Source records

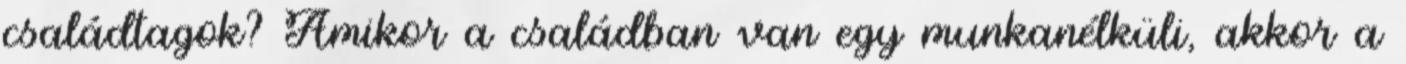
családtagok? Amikor a családban van egy munkanélküli, akkor a
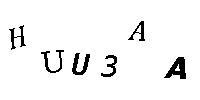
HUU3AA
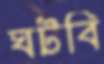
ঘটবি
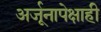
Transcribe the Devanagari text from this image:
अर्जूनापेक्षाही
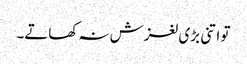
تو اتنی بڑی لغزش نہ کھاتے۔
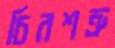
চিরশত্রু
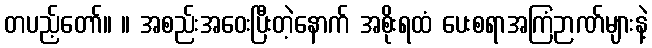
တပည့်တော်။ ။ အစည်းအဝေးပြီးတဲ့နောက် အစိုးရထံ ပေးစရာအကြံဉာဏ်များနဲ့
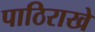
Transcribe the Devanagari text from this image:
पाठिराखे
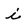
Character: i
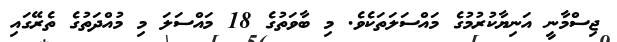
ޖިސްމާނީ އަނިޔާކުރުމުގެ މައްސަލަތަކެވެ. މި ބާވަތުގެ 18 މައްސަލަ މި މުއްދަތުގެ ތެރޭގައި
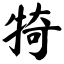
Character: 犄
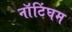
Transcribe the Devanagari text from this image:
नाॅटिंघम
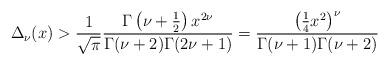
LaTeX: \begin{align*}\Delta_{\nu}(x)>\frac{1}{\sqrt{\pi}}\frac{\Gamma\left(\nu+\frac{1}{2}\right)x^{2\nu}}{\Gamma(\nu+2)\Gamma(2\nu+1)}=\frac{\left(\frac{1}{4}x^{2}\right)^{\nu}}{\Gamma(\nu+1)\Gamma(\nu+2)}\end{align*}
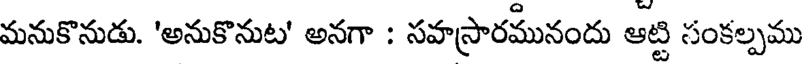
మనుకొనుడు. 'అనుకొనుట' అనగా : సహస్రారమునందు ఆట్టి సంకల్పము
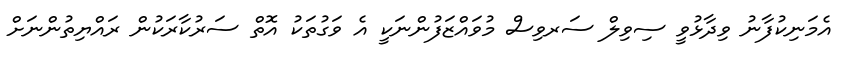
އެމަނިކުފާނު ވިދާޅުވީ ސިވިލް ސަރވިސް މުވައްޒަފުންނަކީ އެ ވަގުތަކު އޮތް ސަރުކާރަކުން ރައްޔިތުންނަށް
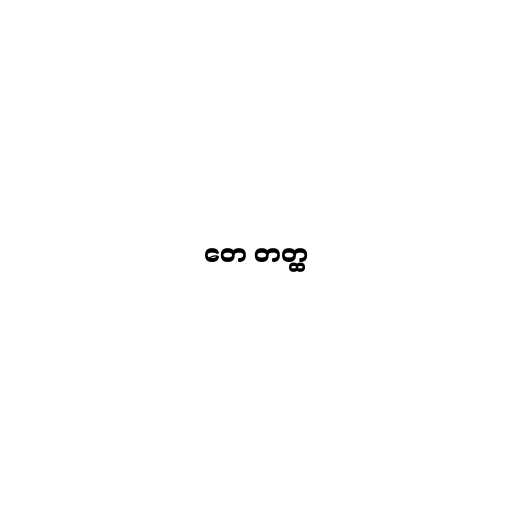
တေ တတ္ထ
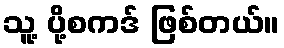
သူ့ ပို့စကဒ် ဖြစ်တယ်။
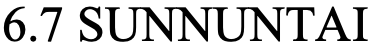
6.7 SUNNUNTAI
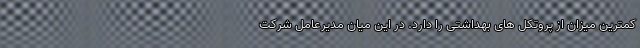
کمترین میزان از پروتکل های بهداشتی را دارد. در این میان مديرعامل شرکت
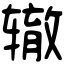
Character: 辙
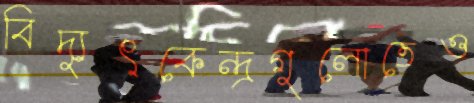
বিদ্যুৎকেন্দ্রগুলোতেও
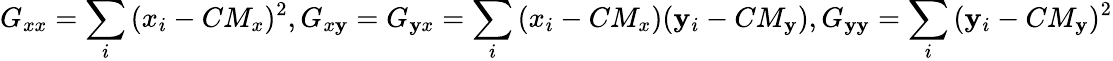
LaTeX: G_{xx}=\sum_{i}{(x_{i}-CM_{x})^{2}},G_{x\mathbf{y}}=G_{\mathbf{y}x}=\sum_{i}{(x_{i}-CM_{x})(\mathbf{y}_{i}-CM_{\mathbf{y}})},G_{\mathbf{y}\mathbf{y}}=\sum_{i}{(\mathbf{y}_{i}-CM_{\mathbf{y}})^{2}}
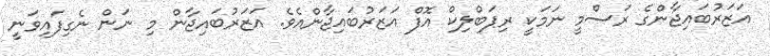
އަޒަރުބައިޖާންގެ ރަސްމީ ނަމަކީ ރިޕަބްލިކް އޮފް އަޒަރުބައިޖާންއެވެ. އަޒަރުބައިޖާން މި ނަން ނެގިފައިވަނީ
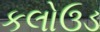
કલોઉડ
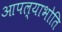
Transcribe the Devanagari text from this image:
आपल्याभोति
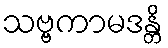
သဗ္ဗကာမဒန္တိ
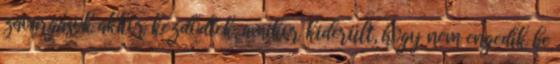
zavargások akkor kezdődtek, amikor kiderült, hogy nem engedik be
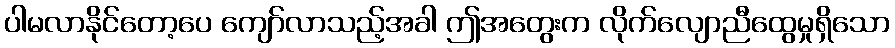
ပါမလာနိုင်တော့ပေ ကျော်လာသည့်အခါ ဤအတွေးက လိုက်လျောညီထွေမှုရှိသော
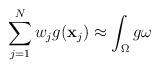
LaTeX: \begin{align*}\sum\limits_{j=1}^Nw_jg(\mathbf{x}_j)\approx\int_{\Omega}g\omega\end{align*}
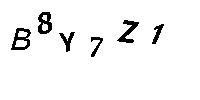
B8Y7Z1
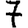
Digit: 7
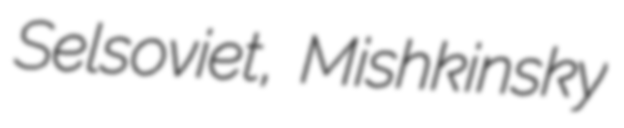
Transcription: Selsoviet, Mishkinsky
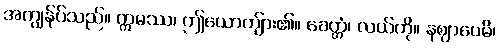
အကျွန်ုပ်သည်။ ဣမဿ၊ ဤယောကျ်ား၏။ ခေတ္တံ၊ လယ်ကို။ နဈာပေမိ၊
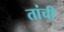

→ **ACTIVITY**: What is needed is an exact copy of the lines from the line with "अर्जूनापेक्षाही" to the end of the data above, both included, without any pictures.

→ **SOLVED PROBLEM**:
अर्जूनापेक्षाही
تو اتنی بڑی لغزش نہ کھاتے۔
চিরশত্রু
တပည့်တော်။ ။ အစည်းအဝေးပြီးတဲ့နောက် အစိုးရထံ ပေးစရာအကြံဉာဏ်များနဲ့
Transcribe the Devanagari text from this image:
पाठिराखे
Character: i
ޖިސްމާނީ އަނިޔާކުރުމުގެ މައްސަލަތަކެވެ. މި ބާވަތުގެ 18 މައްސަލަ މި މުއްދަތުގެ ތެރޭގައި
Character: 犄
Transcribe the Devanagari text from this image:
नाॅटिंघम
LaTeX: \begin{align*}\Delta_{\nu}(x)>\frac{1}{\sqrt{\pi}}\frac{\Gamma\left(\nu+\frac{1}{2}\right)x^{2\nu}}{\Gamma(\nu+2)\Gamma(2\nu+1)}=\frac{\left(\frac{1}{4}x^{2}\right)^{\nu}}{\Gamma(\nu+1)\Gamma(\nu+2)}\end{align*}
మనుకొనుడు. 'అనుకొనుట' అనగా : సహస్రారమునందు ఆట్టి సంకల్పము
އެމަނިކުފާނު ވިދާޅުވީ ސިވިލް ސަރވިސް މުވައްޒަފުންނަކީ އެ ވަގުތަކު އޮތް ސަރުކާރަކުން ރައްޔިތުންނަށް
တေ တတ္ထ
သူ့ ပို့စကဒ် ဖြစ်တယ်။
6.7 SUNNUNTAI
کمترین میزان از پروتکل های بهداشتی را دارد. در این میان مديرعامل شرکت
Character: 辙
বিদ্যুৎকেন্দ্রগুলোতেও
LaTeX: G_{xx}=\sum_{i}{(x_{i}-CM_{x})^{2}},G_{x\mathbf{y}}=G_{\mathbf{y}x}=\sum_{i}{(x_{i}-CM_{x})(\mathbf{y}_{i}-CM_{\mathbf{y}})},G_{\mathbf{y}\mathbf{y}}=\sum_{i}{(\mathbf{y}_{i}-CM_{\mathbf{y}})^{2}}
އަޒަރުބައިޖާންގެ ރަސްމީ ނަމަކީ ރިޕަބްލިކް އޮފް އަޒަރުބައިޖާންއެވެ. އަޒަރުބައިޖާން މި ނަން ނެގިފައިވަނީ
કલોઉડ
Transcribe the Devanagari text from this image:
आपल्याभोति
သဗ္ဗကာမဒန္တိ
zavargások akkor kezdődtek, amikor kiderült, hogy nem engedik be
ပါမလာနိုင်တော့ပေ ကျော်လာသည့်အခါ ဤအတွေးက လိုက်လျောညီထွေမှုရှိသော
LaTeX: \begin{align*}\sum\limits_{j=1}^Nw_jg(\mathbf{x}_j)\approx\int_{\Omega}g\omega\end{align*}
B8Y7Z1
Digit: 7
Transcription: Selsoviet, Mishkinsky
အကျွန်ုပ်သည်။ ဣမဿ၊ ဤယောကျ်ား၏။ ခေတ္တံ၊ လယ်ကို။ နဈာပေမိ၊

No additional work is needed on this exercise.